Wednesday, October 31, 2012

It's Hell Not Having You Here



Happy Halloween.
I hate Halloween. I like scary movies and I like a little bit of fear every now and then, but not alone. Not alone. I miss you so much. They asked why I don't just make a move and I seriously couldn't even give an answer. I don't know why. I couldn't really say that I am afraid you don't like me, because I feel that you do. I can't say I'm afraid of rejection because I know you wouldn't. I have no idea of what I am afraid of. This holiday just reminds me that I have everything and nothing to be frightened of!

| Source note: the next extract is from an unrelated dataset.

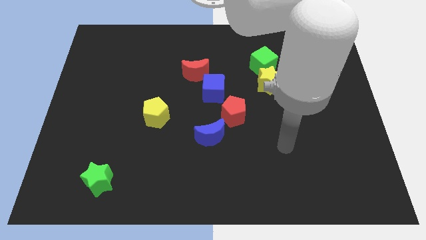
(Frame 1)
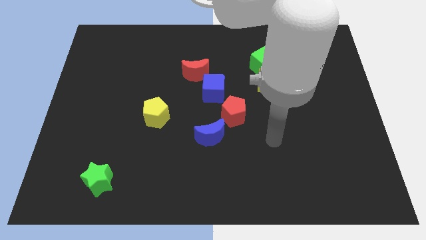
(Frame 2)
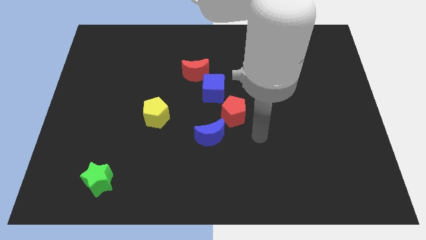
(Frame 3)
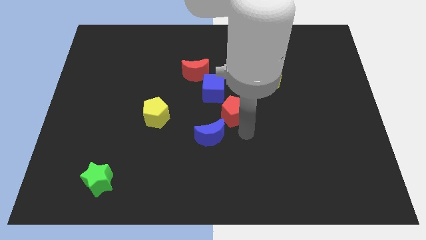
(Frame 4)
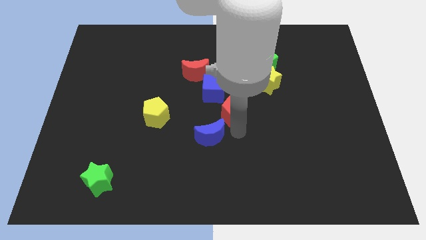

I know for a fact that I love you more than a human can bear. I can't even explain to you how painful it would be to see you with someone else. Or to catch up with you in 10 years and find you happily married. How selfish of me. But it would absolutely shatter me, even if I have someone of my own. It's not a cute little lovey dovey feeling, it is a constant and ever-present love, a desire that dwells from my toes up to my eyes to be with you. It is an enduring heartache and stomachache whenever I fear the worst. If my love for you had to be heard, it would be a wail, an agonizing cry, a giggle, the happiest laugh. If it had to be seen, it would be a grin, a river of tears, and a grimace. If it had to be felt, it would be a burn by a flame constantly pressed against your chest, a knife blade repeatedly thrust at your wrist, and a warm, gentle caress from the most beautiful of arms.
It's hell not having you here, but I won't bring you down with me.